Start of Block

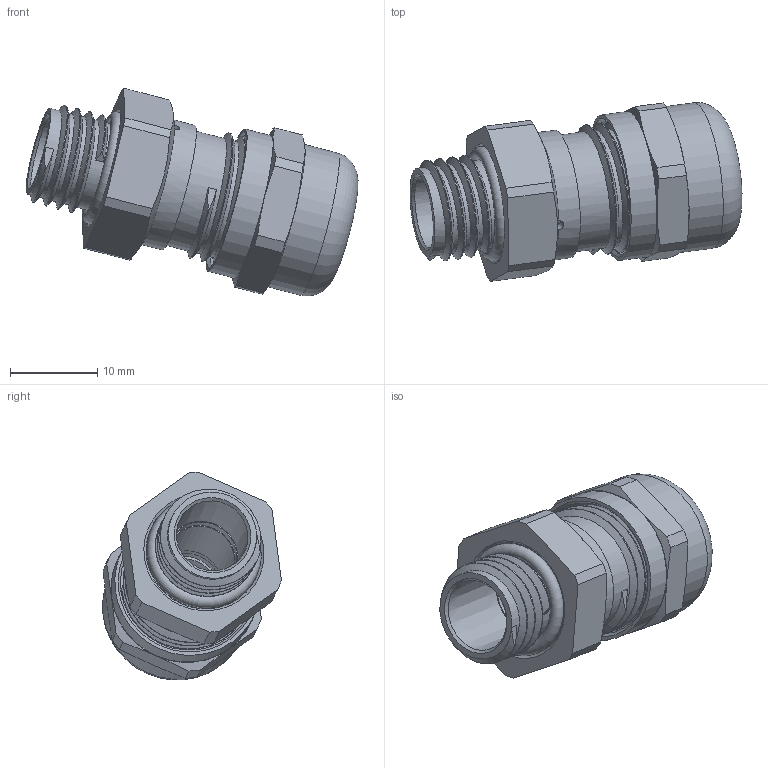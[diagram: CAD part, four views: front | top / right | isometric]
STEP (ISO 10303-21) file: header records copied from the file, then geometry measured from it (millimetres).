
FILE_DESCRIPTION(/* description */ ('DAE-KV M 12x1,5'),/* implementation_level */ '2;1');
FILE_NAME(/* name */ '60087514-RST.stp',/* time_stamp */ '2020-03-31T13:54:02+02:00',/* author */ ('sl'),/* organization */ (''),/* preprocessor_version */ 'ST-DEVELOPER v16.5',/* originating_system */ 'Autodesk Inventor 2017',/* authorisation */ '');
FILE_SCHEMA (('AUTOMOTIVE_DESIGN { 1 0 10303 214 3 1 1 }'));
Length unit declared in the file: millimetre
Products named in the file (9): 60087514; 60087514_1; 60087514_2; 60087514_3; 60087514_4; 60087514_5; 60087514_6; 60087514_7; 60087514_8
Assembly tree (9 placements, depth 2):
  60087514
    60087514_1
    60087514_2
    60087514_3
    60087514_5  x2
    60087514_4
    60087514_6
    60087514_7
    60087514_8
Bounding box: 38.15 x 20.55 x 23.87 mm (x, y, z)
Volume: 4220.6 mm3; surface area: 7803.2 mm2
Topology: 9 solids, 9 shells, 407 faces, 981 edges, 593 vertices
Faces by surface type: cylinder 139, plane 131, torus 49, bspline 37, cone 36, sphere 15
Full cylindrical faces by diameter (mm): 1.1 x2, 7.9 x1, 7.98 x1, 8.18 x2, 8.45 x1, 8.5 x1, 10.18 x1, 10.228 x4, 10.3 x1, 10.34 x1, 10.48 x2, 10.7 x2, 12.39 x1, 12.4 x1, 13.558 x3, 13.75 x1, 14 x5, 14.8 x1, 15.522 x5, 16.9 x2
Entity records: 15259 total; most frequent: CARTESIAN_POINT 6310, DIRECTION 1919, ORIENTED_EDGE 1752, EDGE_CURVE 876, AXIS2_PLACEMENT_3D 803, VERTEX_POINT 543, EDGE_LOOP 441, CIRCLE 436
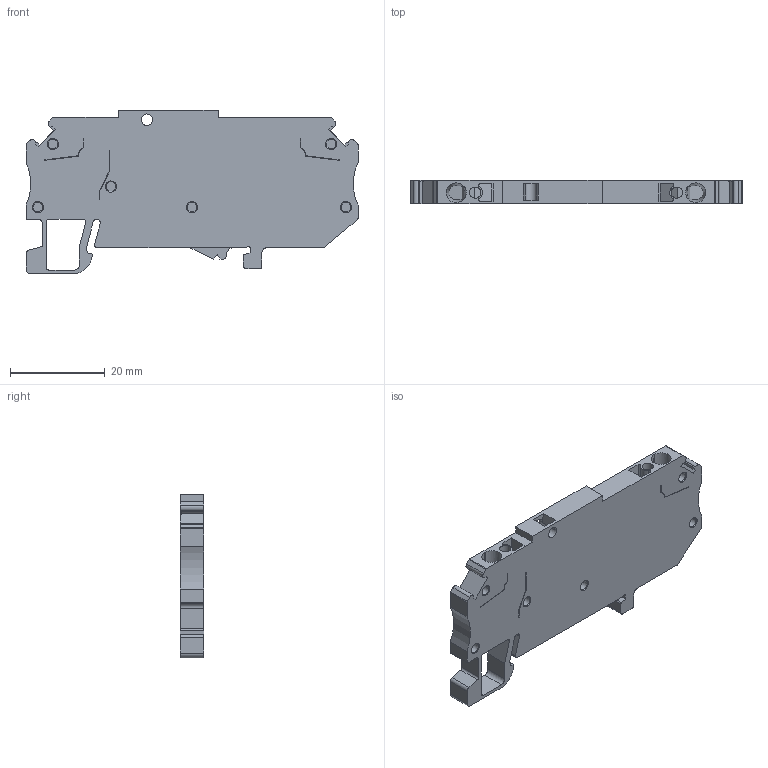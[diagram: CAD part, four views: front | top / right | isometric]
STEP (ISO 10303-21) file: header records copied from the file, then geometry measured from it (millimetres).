
FILE_DESCRIPTION(/* description */ ('Unknown'),/* implementation_level */ '2;1');
FILE_NAME(/* name */ '6DSDT2.5H',/* time_stamp */ '2016-10-13T16:20:20+06:00',/* author */ ('Unknown'),/* organization */ ('Unknown'),/* preprocessor_version */ 'ST-DEVELOPER v16',/* originating_system */ 'DEX',/* authorisation */ $);
FILE_SCHEMA (('AUTOMOTIVE_DESIGN {1 0 10303 214 3 1 1}'));
Length unit declared in the file: millimetre
Products named in the file (1): 6DSDT2.5H
Bounding box: 70 x 5 x 34.5 mm (x, y, z)
Volume: 8790.2 mm3; surface area: 5718.4 mm2
Topology: 1 solids, 1 shells, 204 faces, 579 edges, 391 vertices
Faces by surface type: plane 129, cylinder 59, bspline 8, cone 8
Full cylindrical faces by diameter (mm): 2.05 x6, 2.35 x2, 2.4 x1
Entity records: 7231 total; most frequent: CARTESIAN_POINT 1984, ORIENTED_EDGE 1116, DIRECTION 1016, EDGE_CURVE 558, VERTEX_POINT 386, LINE 366, VECTOR 366, AXIS2_PLACEMENT_3D 325
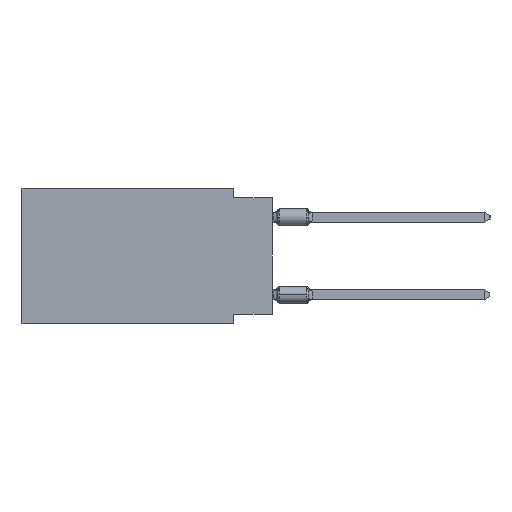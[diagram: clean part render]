
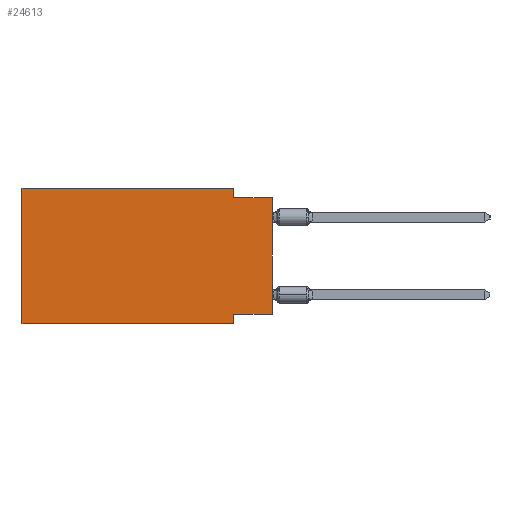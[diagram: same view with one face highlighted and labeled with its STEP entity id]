
A CAD part, left-side view. The second image highlights one B-rep face of the part: STEP entity #24613.
In plain terms, the highlighted planar face has unit normal (-1, 0, 0).
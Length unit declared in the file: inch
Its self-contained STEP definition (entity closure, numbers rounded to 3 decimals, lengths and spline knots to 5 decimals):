
#697 = VERTEX_POINT ( 'NONE', #18217 ) ;
#835 = LINE ( 'NONE', #24372, #7264 ) ;
#1186 = VERTEX_POINT ( 'NONE', #15975 ) ;
#1380 = CARTESIAN_POINT ( 'NONE',  ( 0., 0., -0.325 ) ) ;
#1973 = DIRECTION ( 'NONE',  ( 0., 0., -1. ) ) ;
#3065 = DIRECTION ( 'NONE',  ( 0., 0., -1. ) ) ;
#3723 = VERTEX_POINT ( 'NONE', #6783 ) ;
#3768 = ORIENTED_EDGE ( 'NONE', *, *, #22160, .F. ) ;
#3952 = VERTEX_POINT ( 'NONE', #24756 ) ;
#5245 = ORIENTED_EDGE ( 'NONE', *, *, #19644, .F. ) ;
#5928 = VERTEX_POINT ( 'NONE', #8250 ) ;
#6022 = DIRECTION ( 'NONE',  ( 0., 0., 1. ) ) ;
#6349 = VECTOR ( 'NONE', #18036, 39.37008 ) ;
#6712 = LINE ( 'NONE', #15950, #25644 ) ;
#6783 = CARTESIAN_POINT ( 'NONE',  ( 0., 0.645, 0. ) ) ;
#7264 = VECTOR ( 'NONE', #29090, 39.37008 ) ;
#7423 = LINE ( 'NONE', #16957, #23828 ) ;
#7536 = VECTOR ( 'NONE', #27357, 39.37008 ) ;
#8205 = ORIENTED_EDGE ( 'NONE', *, *, #11887, .F. ) ;
#8237 = CARTESIAN_POINT ( 'NONE',  ( 0., 0.1, -0.35 ) ) ;
#8240 = EDGE_CURVE ( 'NONE', #697, #30679, #6712, .T. ) ;
#8250 = CARTESIAN_POINT ( 'NONE',  ( 0., 0., -0.025 ) ) ;
#8384 = LINE ( 'NONE', #12768, #8876 ) ;
#8876 = VECTOR ( 'NONE', #6022, 39.37008 ) ;
#9683 = CARTESIAN_POINT ( 'NONE',  ( 0., 0.1, 0. ) ) ;
#10249 = CARTESIAN_POINT ( 'NONE',  ( 0., 0.1, -0.35 ) ) ;
#11089 = VERTEX_POINT ( 'NONE', #1380 ) ;
#11163 = ORIENTED_EDGE ( 'NONE', *, *, #23323, .F. ) ;
#11887 = EDGE_CURVE ( 'NONE', #3952, #30679, #29704, .T. ) ;
#11989 = EDGE_CURVE ( 'NONE', #1186, #26773, #16885, .T. ) ;
#12768 = CARTESIAN_POINT ( 'NONE',  ( 0., 0.645, 0. ) ) ;
#13095 = CARTESIAN_POINT ( 'NONE',  ( 0., 0.645, 0. ) ) ;
#15950 = CARTESIAN_POINT ( 'NONE',  ( 0., 0.645, -0.35 ) ) ;
#15975 = CARTESIAN_POINT ( 'NONE',  ( 0., 0.1, 0. ) ) ;
#16080 = DIRECTION ( 'NONE',  ( 0., 0., 1. ) ) ;
#16262 = DIRECTION ( 'NONE',  ( 0., -1., 0. ) ) ;
#16885 = LINE ( 'NONE', #9683, #19039 ) ;
#16957 = CARTESIAN_POINT ( 'NONE',  ( 0., 0.645, 0. ) ) ;
#17583 = DIRECTION ( 'NONE',  ( 0., -1., 0. ) ) ;
#17968 = FACE_OUTER_BOUND ( 'NONE', #30017, .T. ) ;
#18034 = ORIENTED_EDGE ( 'NONE', *, *, #20168, .T. ) ;
#18036 = DIRECTION ( 'NONE',  ( 0., 1., 0. ) ) ;
#18217 = CARTESIAN_POINT ( 'NONE',  ( 0., 0.645, -0.35 ) ) ;
#18593 = LINE ( 'NONE', #20648, #20766 ) ;
#19039 = VECTOR ( 'NONE', #1973, 39.37008 ) ;
#19644 = EDGE_CURVE ( 'NONE', #26773, #5928, #835, .T. ) ;
#20161 = PLANE ( 'NONE',  #30899 ) ;
#20168 = EDGE_CURVE ( 'NONE', #11089, #5928, #18593, .T. ) ;
#20648 = CARTESIAN_POINT ( 'NONE',  ( 0., 0., 0. ) ) ;
#20766 = VECTOR ( 'NONE', #16080, 39.37008 ) ;
#21846 = CARTESIAN_POINT ( 'NONE',  ( 0., 0.1, -0.025 ) ) ;
#22160 = EDGE_CURVE ( 'NONE', #11089, #3952, #25089, .T. ) ;
#22213 = ORIENTED_EDGE ( 'NONE', *, *, #8240, .T. ) ;
#22659 = DIRECTION ( 'NONE',  ( 1., 0., 0. ) ) ;
#22731 = CARTESIAN_POINT ( 'NONE',  ( 0., 0., -0.325 ) ) ;
#23323 = EDGE_CURVE ( 'NONE', #3723, #1186, #7423, .T. ) ;
#23828 = VECTOR ( 'NONE', #17583, 39.37008 ) ;
#24372 = CARTESIAN_POINT ( 'NONE',  ( 0., 0., -0.025 ) ) ;
#24613 = ADVANCED_FACE ( 'NONE', ( #17968 ), #20161, .F. ) ;
#24756 = CARTESIAN_POINT ( 'NONE',  ( 0., 0.1, -0.325 ) ) ;
#24998 = EDGE_CURVE ( 'NONE', #697, #3723, #8384, .T. ) ;
#25089 = LINE ( 'NONE', #22731, #6349 ) ;
#25644 = VECTOR ( 'NONE', #16262, 39.37008 ) ;
#26773 = VERTEX_POINT ( 'NONE', #21846 ) ;
#26863 = ORIENTED_EDGE ( 'NONE', *, *, #24998, .F. ) ;
#27357 = DIRECTION ( 'NONE',  ( 0., 0., -1. ) ) ;
#29090 = DIRECTION ( 'NONE',  ( 0., -1., 0. ) ) ;
#29704 = LINE ( 'NONE', #8237, #7536 ) ;
#30017 = EDGE_LOOP ( 'NONE', ( #18034, #5245, #30341, #11163, #26863, #22213, #8205, #3768 ) ) ;
#30341 = ORIENTED_EDGE ( 'NONE', *, *, #11989, .F. ) ;
#30679 = VERTEX_POINT ( 'NONE', #10249 ) ;
#30899 = AXIS2_PLACEMENT_3D ( 'NONE', #13095, #22659, #3065 ) ;
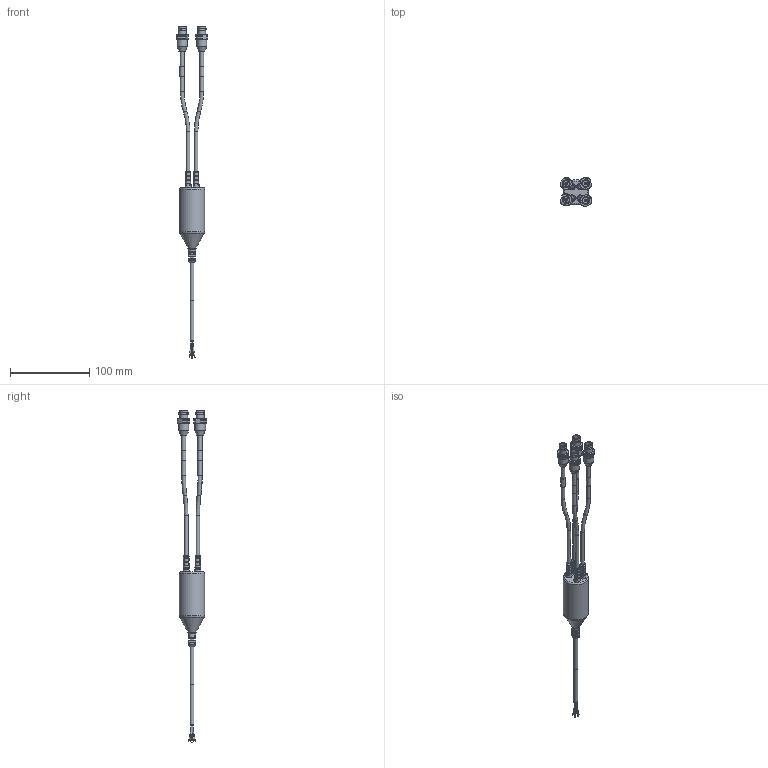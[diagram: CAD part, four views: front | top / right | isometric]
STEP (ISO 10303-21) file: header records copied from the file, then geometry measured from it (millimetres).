
FILE_DESCRIPTION(/* description */ (''),/* implementation_level */ '2;1');
FILE_NAME(/* name */ 'E4DA.stp',/* time_stamp */ '2022-11-10T14:07:10-05:00',/* author */ ('lcup'),/* organization */ (''),/* preprocessor_version */ 'ST-DEVELOPER v19',/* originating_system */ 'Autodesk Inventor 2023',/* authorisation */ '');
FILE_SCHEMA (('AUTOMOTIVE_DESIGN { 1 0 10303 214 3 1 1 }'));
Products named in the file (15): E4DA; TOL12029 4 CABLE; F2C, CABLE; CBP10541; CBP10541_1; CBP10541, WIRE CONNECTOR; MSP10137; CHAN 1; CHAN 2; CHAN 3; MSP10284; TEMP; CB129; EPN11410; EPN11410_1
Assembly tree (26 placements, depth 3):
  E4DA
    TOL12029 4 CABLE
    F2C, CABLE  x4
    MSP10137  x4
    CBP10541  x4
      CBP10541_1
      CBP10541, WIRE CONNECTOR
    MSP10284  x4
    CHAN 1
    CHAN 2
    CHAN 3
    TEMP
    CB129
      EPN11410
    EPN11410_1
Bounding box: 39.93 x 36.76 x 419.59 mm (x, y, z)
Volume: 80595.6 mm3; surface area: 42239.5 mm2
Topology: 127 solids, 127 shells, 3727 faces, 10203 edges, 6028 vertices
Faces by surface type: plane 1539, cylinder 1171, bspline 716, torus 284, cone 17
Full cylindrical faces by diameter (mm): 0.102 x114, 1.067 x1, 1.27 x4, 1.829 x4, 2.032 x8, 2.095 x4, 3.175 x8, 3.327 x2, 3.614 x4, 3.835 x2, 4.445 x12, 4.826 x2, 4.953 x4, 5.334 x4, 5.588 x4, 7.112 x4, 7.797 x4, 9.624 x1, 9.652 x8, 9.906 x4, 10.16 x4, 12.7 x8, 31.75 x1
Entity records: 142826 total; most frequent: CARTESIAN_POINT 66294, ORIENTED_EDGE 16876, DIRECTION 14126, EDGE_CURVE 8438, AXIS2_PLACEMENT_3D 6071, VERTEX_POINT 4849, CIRCLE 3669, EDGE_LOOP 3363

End of Block

*What this task involves*
Return exactly the stretch above whose first line contains "FILE_DESCRIPTION(/* description */ ('Unknown'),/*" and whose last line contains "#7536 = VECTOR ( 'NONE', #27357, 39.37008 ) ;", and nothing outside it. The pictures should not appear.

*Answer section*
FILE_DESCRIPTION(/* description */ ('Unknown'),/* implementation_level */ '2;1');
FILE_NAME(/* name */ '6DSDT2.5H',/* time_stamp */ '2016-10-13T16:20:20+06:00',/* author */ ('Unknown'),/* organization */ ('Unknown'),/* preprocessor_version */ 'ST-DEVELOPER v16',/* originating_system */ 'DEX',/* authorisation */ $);
FILE_SCHEMA (('AUTOMOTIVE_DESIGN {1 0 10303 214 3 1 1}'));
Length unit declared in the file: millimetre
Products named in the file (1): 6DSDT2.5H
Bounding box: 70 x 5 x 34.5 mm (x, y, z)
Volume: 8790.2 mm3; surface area: 5718.4 mm2
Topology: 1 solids, 1 shells, 204 faces, 579 edges, 391 vertices
Faces by surface type: plane 129, cylinder 59, bspline 8, cone 8
Full cylindrical faces by diameter (mm): 2.05 x6, 2.35 x2, 2.4 x1
Entity records: 7231 total; most frequent: CARTESIAN_POINT 1984, ORIENTED_EDGE 1116, DIRECTION 1016, EDGE_CURVE 558, VERTEX_POINT 386, LINE 366, VECTOR 366, AXIS2_PLACEMENT_3D 325
[diagram: clean part render]
[diagram: same view with one face highlighted and labeled with its STEP entity id]
A CAD part, left-side view. The second image highlights one B-rep face of the part: STEP entity #24613.
In plain terms, the highlighted planar face has unit normal (-1, 0, 0).
Length unit declared in the file: inch
Its self-contained STEP definition (entity closure, numbers rounded to 3 decimals, lengths and spline knots to 5 decimals):
#697 = VERTEX_POINT ( 'NONE', #18217 ) ;
#835 = LINE ( 'NONE', #24372, #7264 ) ;
#1186 = VERTEX_POINT ( 'NONE', #15975 ) ;
#1380 = CARTESIAN_POINT ( 'NONE',  ( 0., 0., -0.325 ) ) ;
#1973 = DIRECTION ( 'NONE',  ( 0., 0., -1. ) ) ;
#3065 = DIRECTION ( 'NONE',  ( 0., 0., -1. ) ) ;
#3723 = VERTEX_POINT ( 'NONE', #6783 ) ;
#3768 = ORIENTED_EDGE ( 'NONE', *, *, #22160, .F. ) ;
#3952 = VERTEX_POINT ( 'NONE', #24756 ) ;
#5245 = ORIENTED_EDGE ( 'NONE', *, *, #19644, .F. ) ;
#5928 = VERTEX_POINT ( 'NONE', #8250 ) ;
#6022 = DIRECTION ( 'NONE',  ( 0., 0., 1. ) ) ;
#6349 = VECTOR ( 'NONE', #18036, 39.37008 ) ;
#6712 = LINE ( 'NONE', #15950, #25644 ) ;
#6783 = CARTESIAN_POINT ( 'NONE',  ( 0., 0.645, 0. ) ) ;
#7264 = VECTOR ( 'NONE', #29090, 39.37008 ) ;
#7423 = LINE ( 'NONE', #16957, #23828 ) ;
#7536 = VECTOR ( 'NONE', #27357, 39.37008 ) ;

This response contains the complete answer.